看着眼前滿臉通紅的姜暖煙,諸葛長風不由又嘆息一聲,枉他聰明一世,竟然沒有看出這丫頭是在吃醋,是在胡思亂想!
只是,這丫頭向來聰明的緊,誰能想到在面對自己的感情時,竟然蠢笨如斯!她竟然都不知道她對自己的這種感覺是喜歡!正因爲喜歡,正因爲在意,所以纔會患得患失,所以纔會吃醋!
“我,我……”姜暖煙臉上火燒火燎的厲害,吱晤了半天竟然再也說不出一句完整的話來,不由便動起了逃跑的心思,“那,那你既然沒事,我就先走了!”說着,便轉身要逃。
她這邊剛轉身,便聽身後的諸葛長風“哎喲!”的痛呼了一聲,唬的姜暖煙滿臉緊張的又轉回了臉,“你,你怎麼了?”
“傷口怕是又裂開了!你能不能去叫千景來幫我上一下藥?”諸葛長風蹙着眉,一副痛苦至極的神色。
果然,姜暖煙要走的腿便再也邁不動了,非但邁不動,反而疾步跑到諸葛長風的身邊,一臉緊張兮兮的問道,“你,你要不要緊?千景在哪啊?”
“我也不知道。要不,你去外面找找!哎喲!”諸葛長風不失時機的又呻吟了一聲。以千景的機靈,他估計即便姜暖煙將他的府邸翻個底朝天,怕是也找不到的。
“那,要不我幫你上藥吧?”姜暖煙看着諸葛長風痛苦的神色,心不由也跟着痛了起來,完全沒有注意到某人眼底極快的閃過的那抹狡黠。

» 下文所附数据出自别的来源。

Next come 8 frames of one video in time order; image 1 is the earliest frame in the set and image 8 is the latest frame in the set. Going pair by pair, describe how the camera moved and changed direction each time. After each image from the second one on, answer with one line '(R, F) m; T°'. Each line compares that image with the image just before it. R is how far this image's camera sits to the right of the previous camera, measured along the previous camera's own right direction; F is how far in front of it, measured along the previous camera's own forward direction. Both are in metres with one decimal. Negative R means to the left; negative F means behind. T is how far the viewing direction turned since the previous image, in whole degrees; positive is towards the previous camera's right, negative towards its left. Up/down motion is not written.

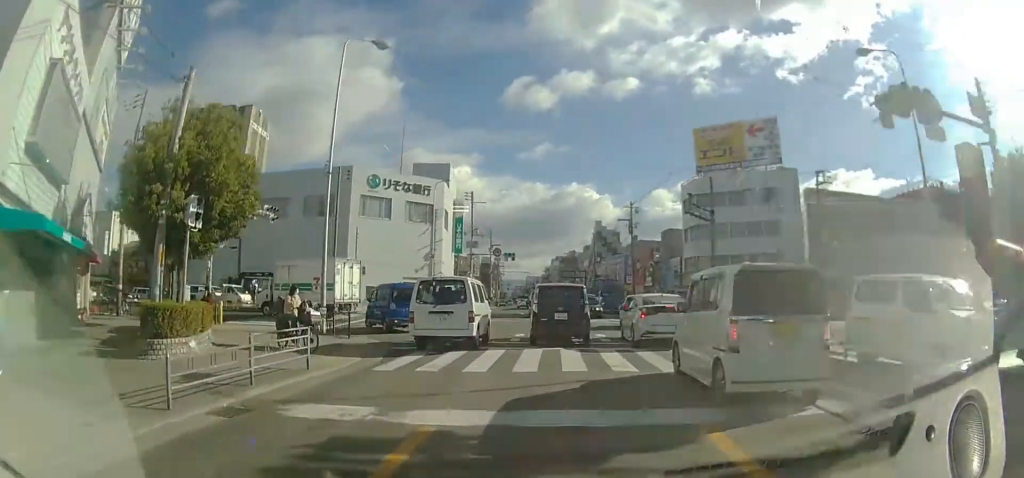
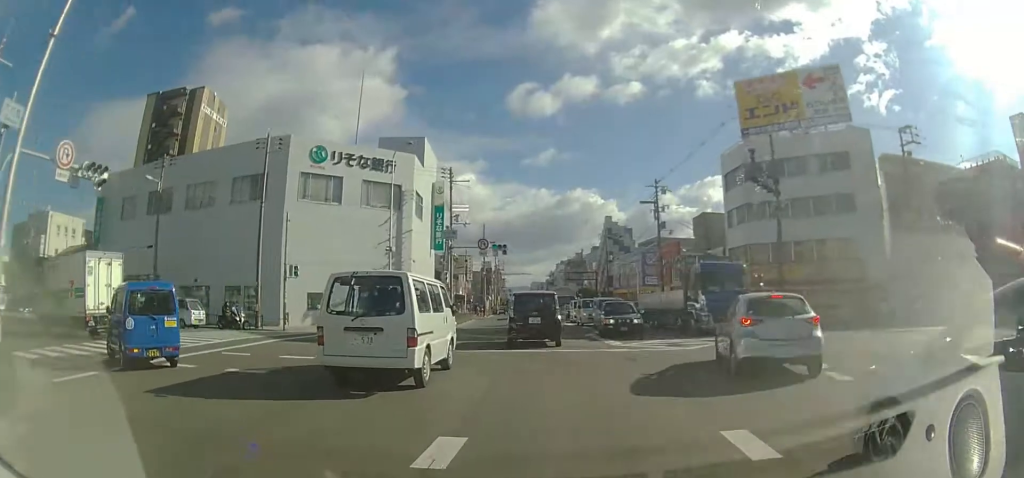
(+0.3, +15.1) m; +2°
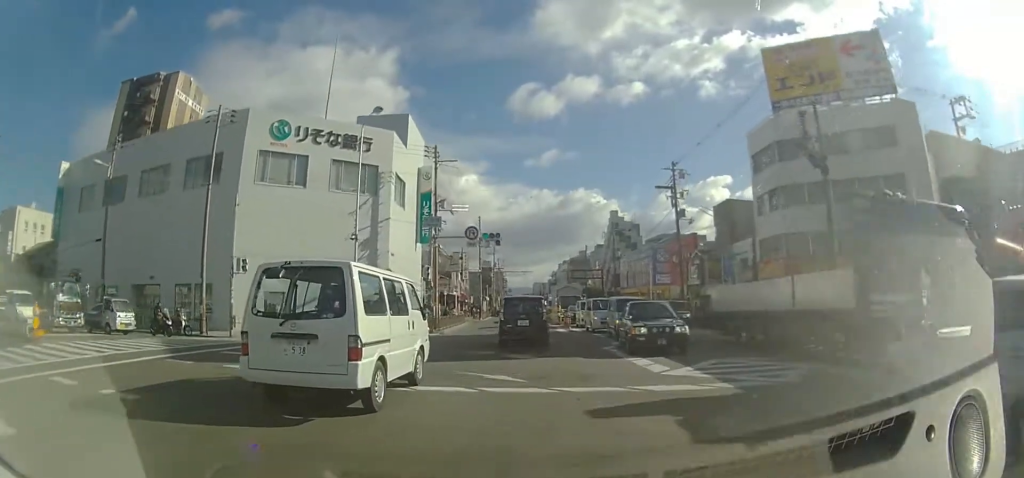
(0.0, +6.8) m; 0°
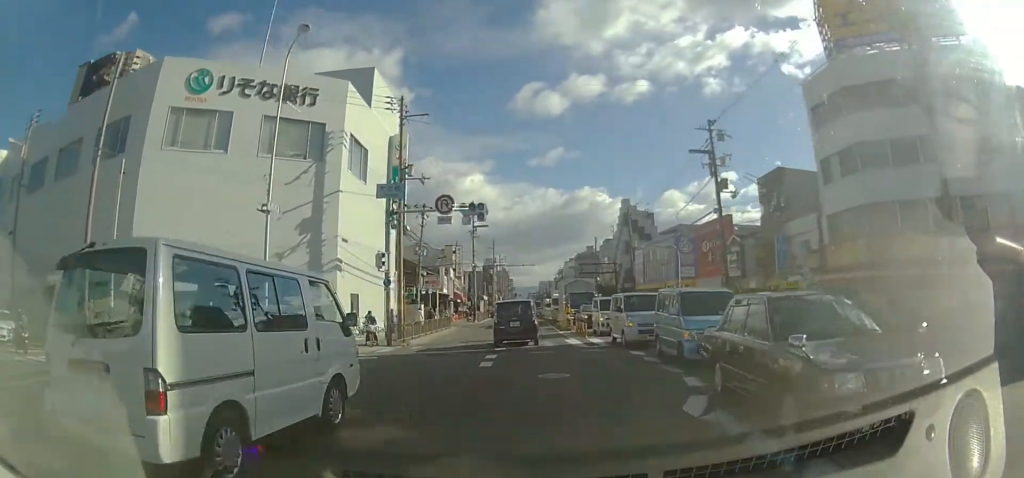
(-0.1, +9.4) m; -1°
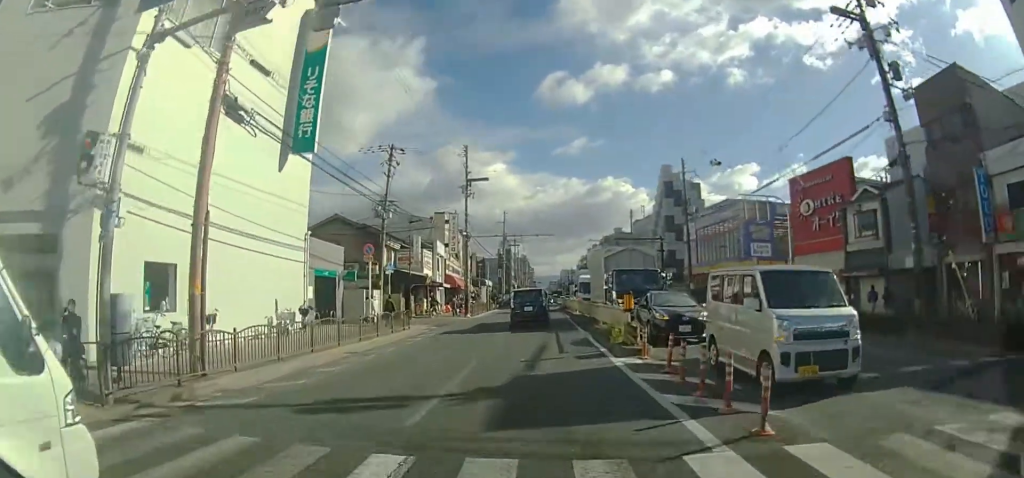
(+0.1, +16.5) m; -3°
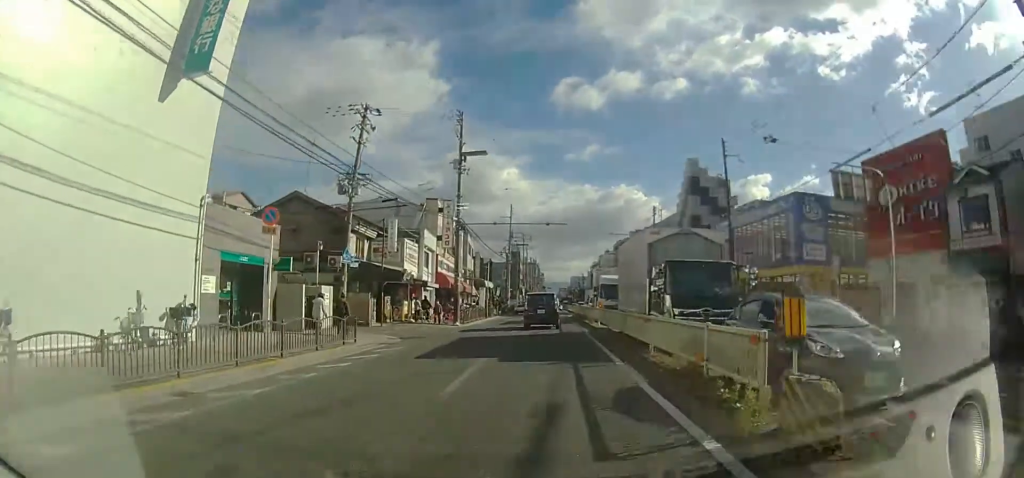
(-0.4, +8.0) m; -2°
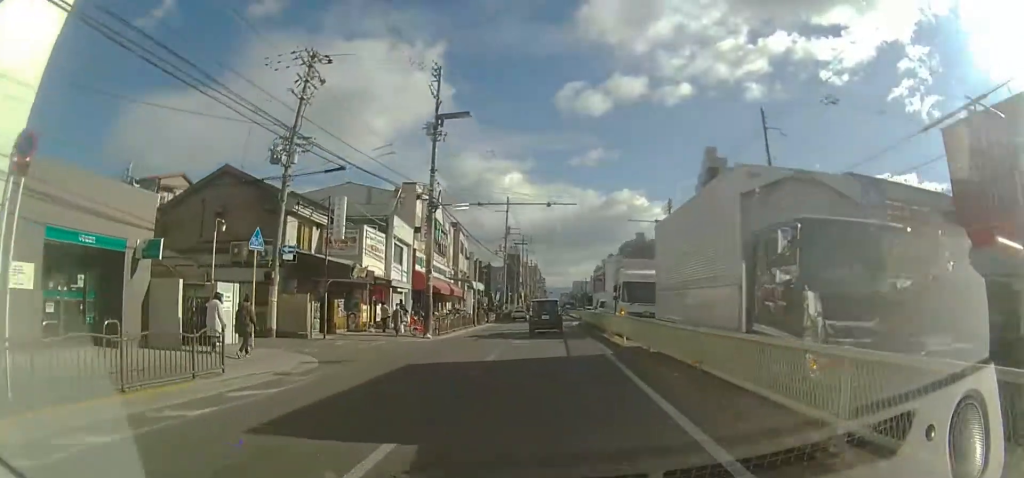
(-0.1, +6.9) m; 0°
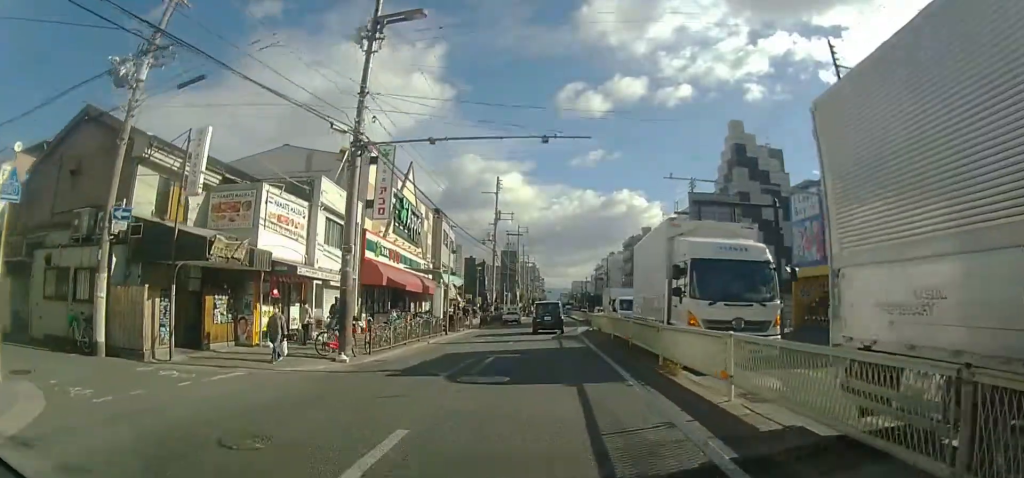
(+0.1, +8.9) m; 0°

“這……”諸葛長風心情愉悅的做出一副扭扭捏捏的樣子!
“就這樣說定了,我來幫你上藥!藥呢?”諸葛長風的扭捏反而堅定了姜暖煙的決心!
“那個!”諸葛長風指了指靠東牆的沉香木大案上的白瓷藥瓶!
姜暖煙幾步便將那白瓷藥瓶取回,看着還衣衫完整的諸葛長風,“脫衣服啊?不然怎麼上藥?”
“我傷口痛的厲害,胳膊都擡不起來了!哎喲!”諸葛長風的眉頭蹙的更深了。
“好了!好了!我幫你!”姜暖煙乖乖的繳械投降,小心翼翼的將諸葛長風的錦袍脫下,一眼便看到白色中衣上沾染的斑斑點點的血跡!
那本是純白色的中衣,後背處卻仿若繡着朵朵紅梅一般,瞬間,姜暖煙的眼睛又模糊起來,聲音也顫抖起來,“是不是很疼?”
“也不是那麼疼!”看着姜暖煙的眼淚又滾落而下,諸葛長風終於裝不下去了,老實道。
“怎麼會不疼呢?”到現在都還在流血?怎麼可能不疼?
那中衣很多地方與皮肉都粘在了一起。姜暖煙緊緊的咬着脣,小心翼翼的一點一點的幫諸葛長風將中衣褪去,將上身裸露出來。
“其實,真的不那麼疼!”諸葛長風可捨不得姜暖煙再掉眼淚。
可他不說還好,一說姜暖煙的眼淚更是止不住,吧嗒、吧嗒的直往下落。
此刻,諸葛長風的後背便在她的眼前。那背上全部都是縱橫交錯的傷痕,全部都是皮開肉綻,鮮血淋漓!即便最細的一條傷痕,也有她的手指粗細,皮肉更是向外翻卷着。
當真是鮮血淋漓!整個後背幾乎沒有一處好的地方!
“都這樣了,你還說不痛?”姜暖煙的聲音哽咽的厲害,“趙飛熊那個混蛋,以後最好不要再來天鳳,不然我一定扒了他的皮,抽了他的筋!”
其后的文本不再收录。